Saved entries
* * * * * * * * *
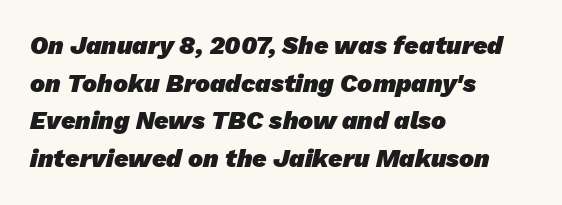
The image shows 25 px bold type; set left-aligned, normal line spacing (1.51x), normal letter spacing, not underlined.
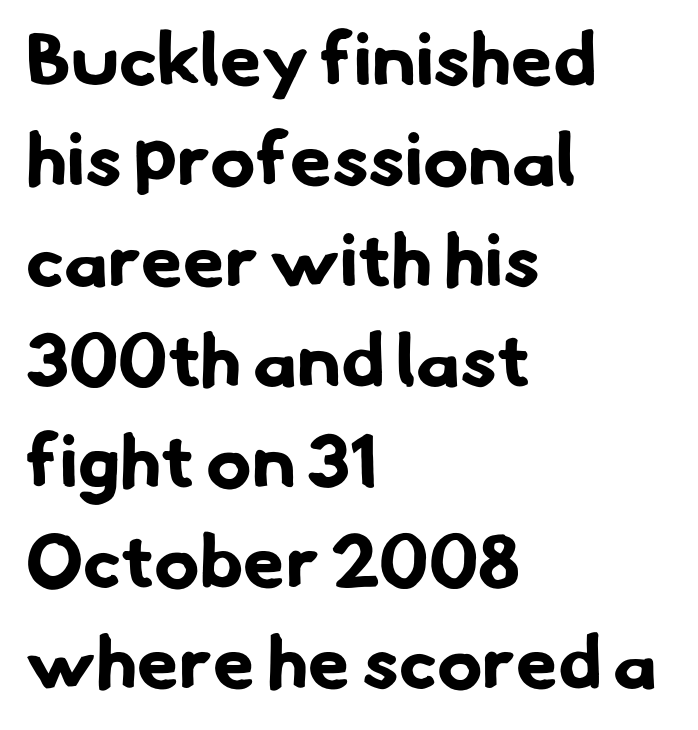
Q: Is the text bold? A: Yes.
Q: Is the typeface a serif or a sans-serif typeface? A: Sans-serif.
Q: Is the text underlined? A: No.
Q: How is the paragraph aligned? A: Left-aligned.
Q: Is the spacing between letters normal or unusually wide? A: Normal.
Q: Is the spacing between lines tight, normal or loose? A: Normal.
Q: Width (condensed, normal, or wide)? A: Normal.
Q: Stroke contrast? A: Low.
Q: x-height? A: Small.
Q: Monospaced? A: No.
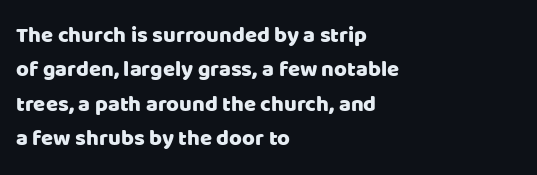
Teacher's note: observe the even left margin — that is flush-left alignment. The passage shown has conventional tracking throughout. It's the straight-up-and-down kind of type. The block of text has a typical density, with ordinary space between rows. The area under the type is left untouched.
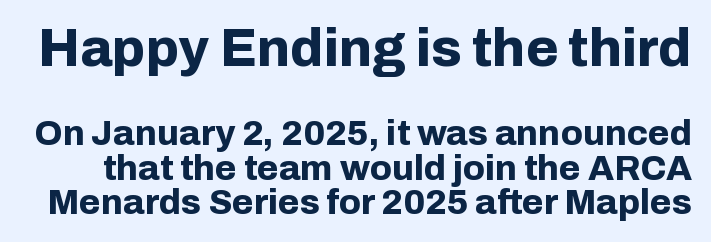
The image shows 53 px bold sans-serif type, upright; set tight line spacing (0.99x), normal letter spacing, not underlined; the first (top) block is 1.51x larger; low stroke contrast and a medium x-height.
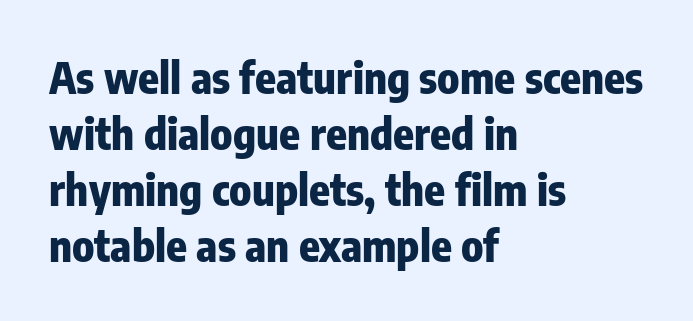
The image shows 43 px heavy, condensed sans-serif type, upright; set left-aligned, normal line spacing (1.3x), normal letter spacing, not underlined; low stroke contrast and a medium x-height.
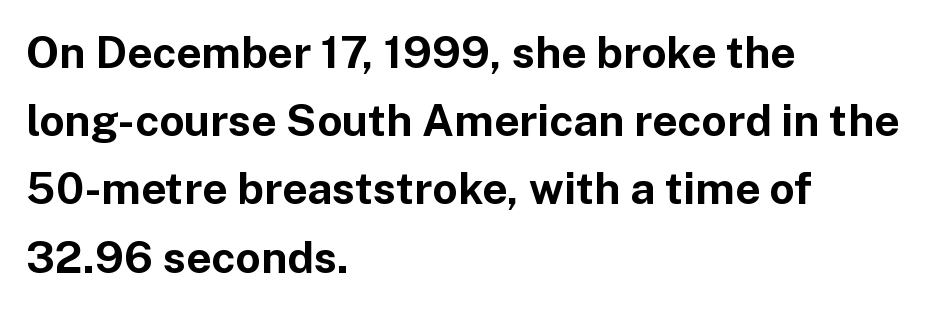
{"serif": "no", "italic": "no", "bold": "yes", "weight": "bold", "width": "normal", "stroke_contrast": "low", "x_height": "medium", "monospaced": "no", "underline": "no", "align": "left", "line_spacing": "normal", "line_spacing_ratio": 1.55, "letter_spacing": "normal", "letter_spacing_em": 0.0, "glyph_px": 44}
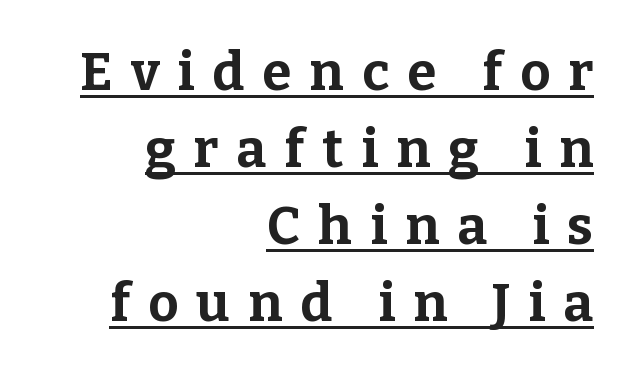
The image shows 53 px bold serif type, upright; set right-aligned, normal line spacing (1.45x), unusually wide letter spacing (+0.34 em), underlined; low stroke contrast and a medium x-height.
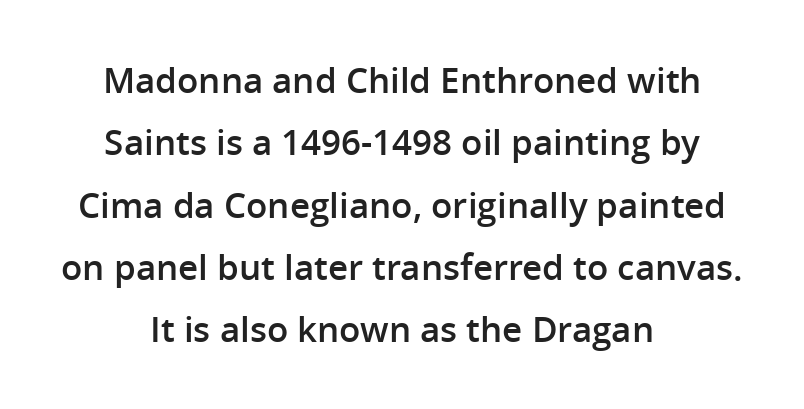
The image shows 35 px semibold sans-serif type, upright; set centered, line spacing 1.78x, normal letter spacing, not underlined; low stroke contrast and a medium x-height.
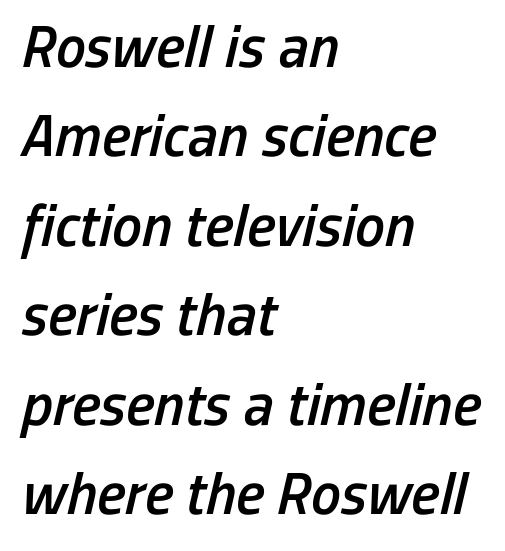
The image shows 60 px semibold, condensed type, italic (leaning right); set left-aligned, normal line spacing (1.49x), normal letter spacing, not underlined; low stroke contrast and a medium x-height.
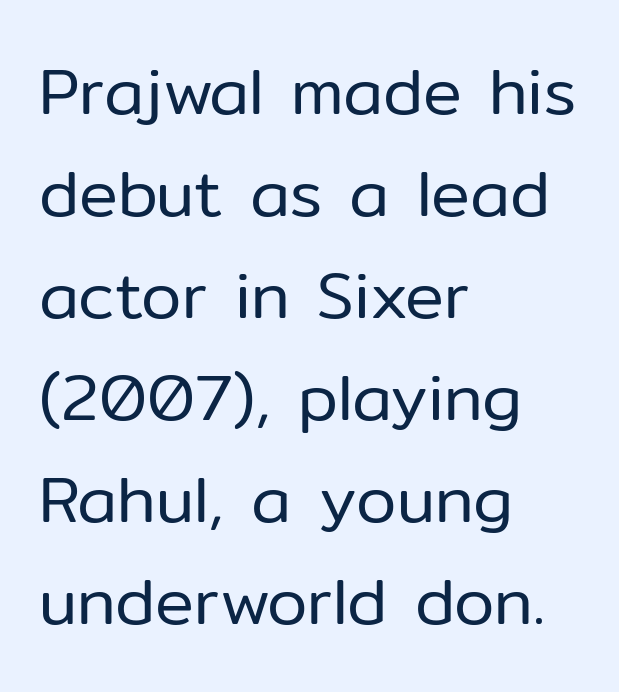
Q: Is the text bold? A: No.
Q: Is the text italic (slanted)? A: No, it is upright.
Q: Is the typeface a serif or a sans-serif typeface? A: Sans-serif.
Q: Is the text underlined? A: No.
Q: How is the paragraph aligned? A: Left-aligned.
Q: Is the spacing between letters normal or unusually wide? A: Normal.
Q: Is the spacing between lines tight, normal or loose? A: Normal.
Q: Width (condensed, normal, or wide)? A: Normal.
Q: Stroke contrast? A: Low.
Q: x-height? A: Medium.
Q: Monospaced? A: No.
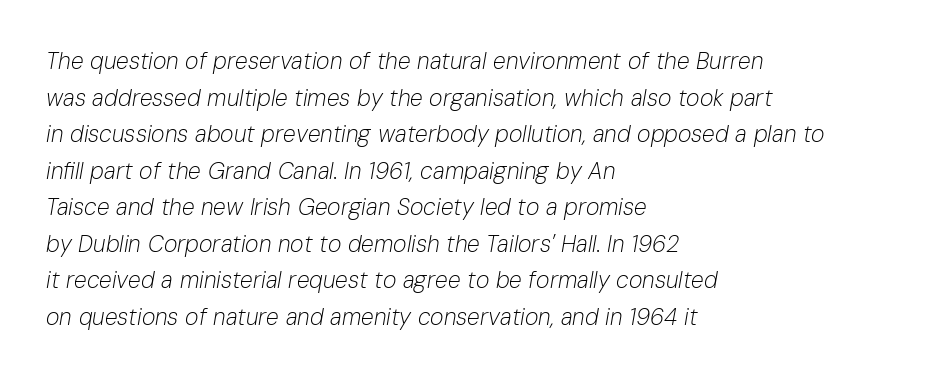
The image shows 23 px text type, italic (leaning right); set left-aligned, normal line spacing (1.59x), normal letter spacing, not underlined.
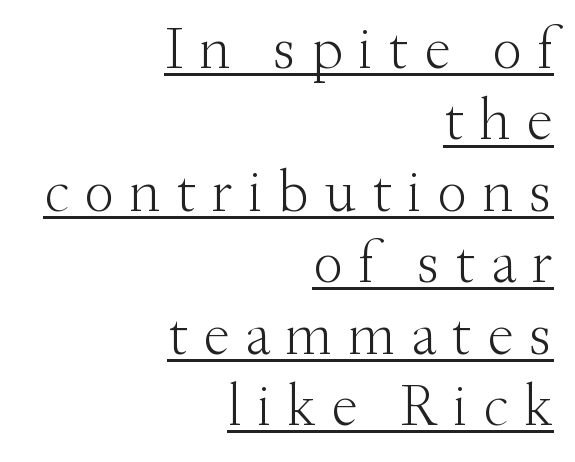
Q: Is the text bold? A: No.
Q: Is the text italic (slanted)? A: No, it is upright.
Q: Is the typeface a serif or a sans-serif typeface? A: Serif.
Q: Is the text underlined? A: Yes.
Q: How is the paragraph aligned? A: Right-aligned.
Q: Is the spacing between letters normal or unusually wide? A: Unusually wide.
Q: Width (condensed, normal, or wide)? A: Normal.
Q: Stroke contrast? A: Medium.
Q: x-height? A: Small.
Q: Monospaced? A: No.
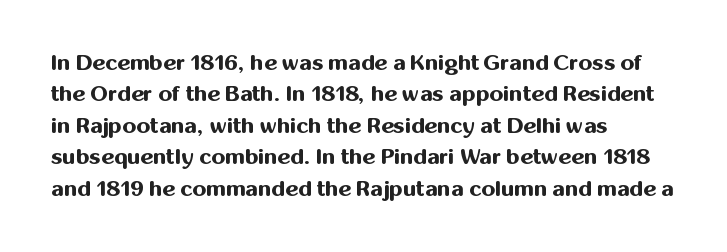
The vertical gap from one line to the next is medium. Bold? Absolutely — the strokes are thick and heavy. Plain, unruled lines of type. The ragged edge is on the right, which tells us the setting is flush left.
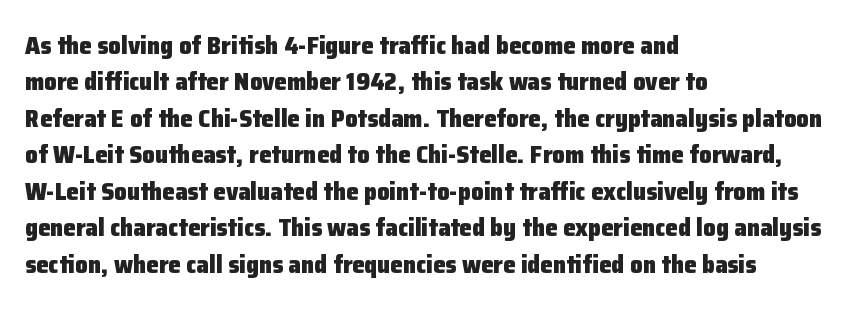
The image shows 25 px bold type, upright; set left-aligned, normal line spacing (1.46x), normal letter spacing, not underlined.
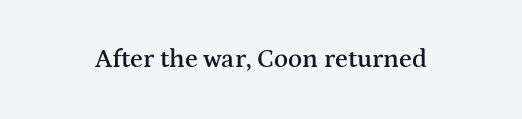
The image shows 26 px text type, upright; set normal letter spacing, not underlined.
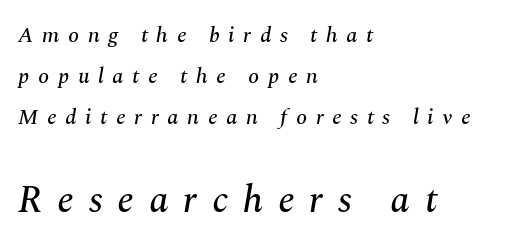
The rendering anchors every line to the left-hand side. Larger block? The one below; the one above is distinctly smaller. The letters are spread apart with noticeably loose tracking. Emphasis-style slanted type is in use.
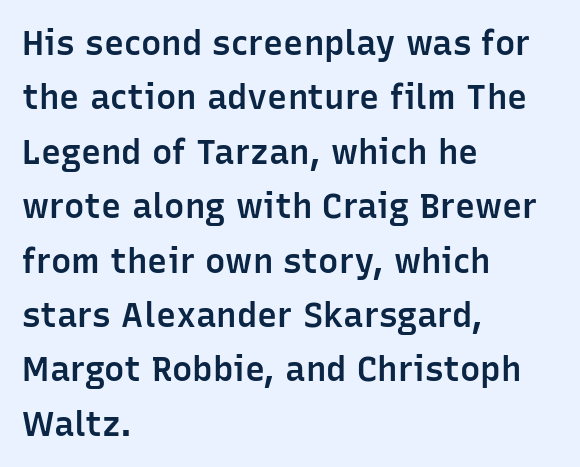
The image shows 34 px semibold sans-serif type, upright; set left-aligned, normal line spacing (1.6x), normal letter spacing, not underlined; low stroke contrast and a medium x-height.
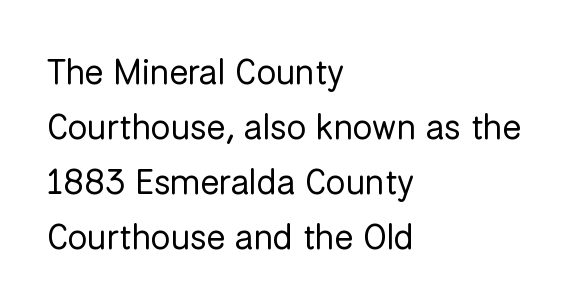
Is this a fixed-width face? No — the glyphs have proportional, varying widths. The ragged edge is on the right, which tells us the setting is flush left. This reads as an unemphasized weight, regular at the heaviest. The typeface chosen for these lines omits serifs.
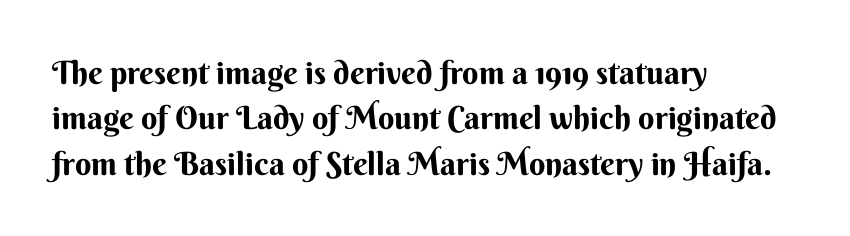
{"serif": "no", "italic": "no", "width": "normal", "stroke_contrast": "medium", "x_height": "small", "monospaced": "no", "underline": "no", "align": "left", "line_spacing": "normal", "line_spacing_ratio": 1.42, "letter_spacing": "normal", "letter_spacing_em": 0.0, "glyph_px": 32}
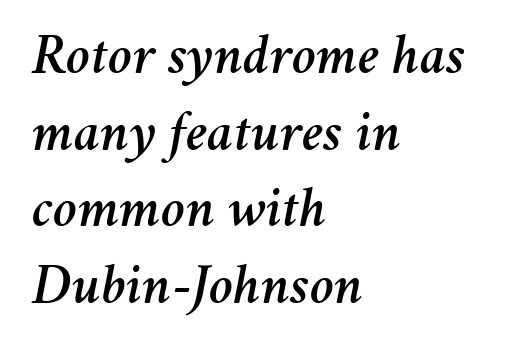
{"italic": "yes", "lean": "right", "slant_degrees": 11, "width": "normal", "stroke_contrast": "medium", "x_height": "medium", "monospaced": "no", "underline": "no", "align": "left", "line_spacing": "normal", "line_spacing_ratio": 1.32, "letter_spacing": "normal", "letter_spacing_em": 0.0, "glyph_px": 58}
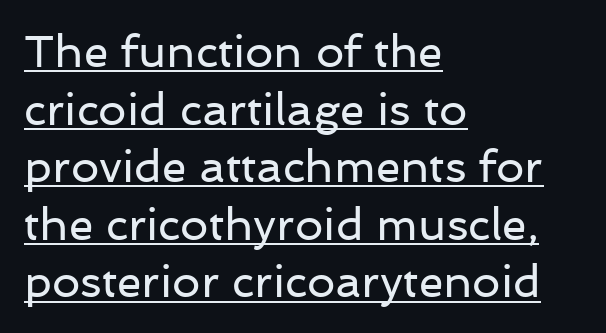
Q: Is the text bold? A: No.
Q: Is the text italic (slanted)? A: No, it is upright.
Q: Is the typeface a serif or a sans-serif typeface? A: Sans-serif.
Q: Is the text underlined? A: Yes.
Q: How is the paragraph aligned? A: Left-aligned.
Q: Is the spacing between letters normal or unusually wide? A: Normal.
Q: Is the spacing between lines tight, normal or loose? A: Normal.
Q: Width (condensed, normal, or wide)? A: Normal.
Q: Stroke contrast? A: Low.
Q: x-height? A: Medium.
Q: Monospaced? A: No.
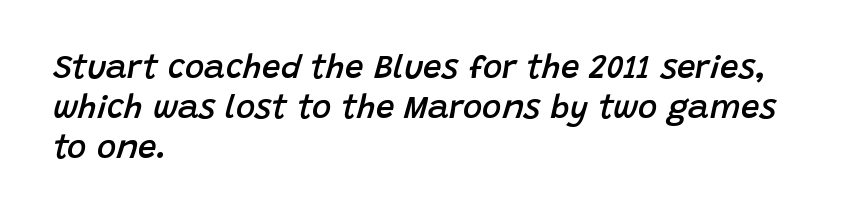
The image shows 33 px semibold type, italic (leaning right); set left-aligned, line spacing 1.21x, normal letter spacing, not underlined; low stroke contrast and a large x-height.
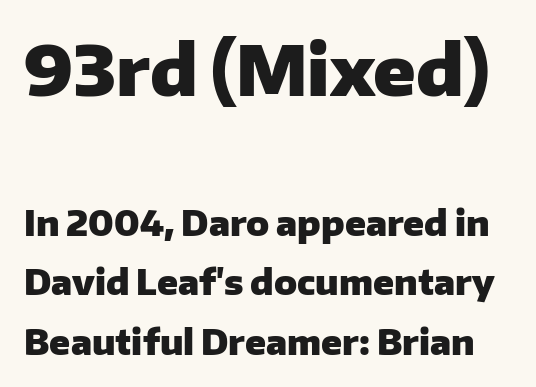
Q: Is the text bold? A: Yes.
Q: Is the text italic (slanted)? A: No, it is upright.
Q: Is the typeface a serif or a sans-serif typeface? A: Sans-serif.
Q: Is the text underlined? A: No.
Q: Is the spacing between letters normal or unusually wide? A: Normal.
Q: Which block of text is set in a larger size, the first (top) or the second (bottom)? A: The first (top) one.
Q: Width (condensed, normal, or wide)? A: Normal.
Q: Stroke contrast? A: Low.
Q: x-height? A: Medium.
Q: Monospaced? A: No.
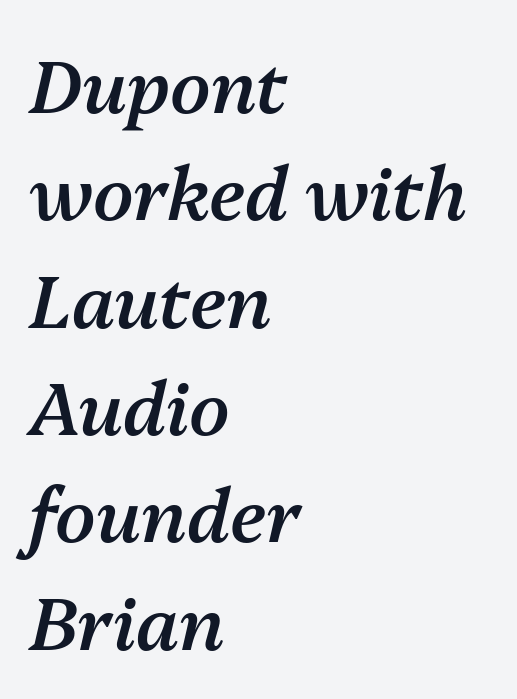
{"italic": "yes", "lean": "right", "slant_degrees": 13, "bold": "semi", "weight": "semibold", "width": "normal", "stroke_contrast": "medium", "x_height": "medium", "monospaced": "no", "underline": "no", "align": "left", "line_spacing": "normal", "line_spacing_ratio": 1.47, "letter_spacing": "normal", "letter_spacing_em": 0.0, "glyph_px": 73}
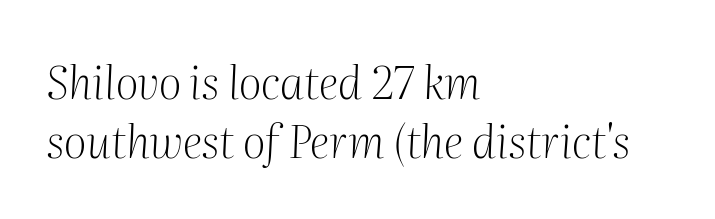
* * * * * * * * *
The expected output is every line of the records in which the string "edge" appears.

• **Response to this task**
The vertical gap from one line to the next is medium. Bold? Absolutely — the strokes are thick and heavy. Plain, unruled lines of type. The ragged edge is on the right, which tells us the setting is flush left.
Is this a fixed-width face? No — the glyphs have proportional, varying widths. The ragged edge is on the right, which tells us the setting is flush left. This reads as an unemphasized weight, regular at the heaviest. The typeface chosen for these lines omits serifs.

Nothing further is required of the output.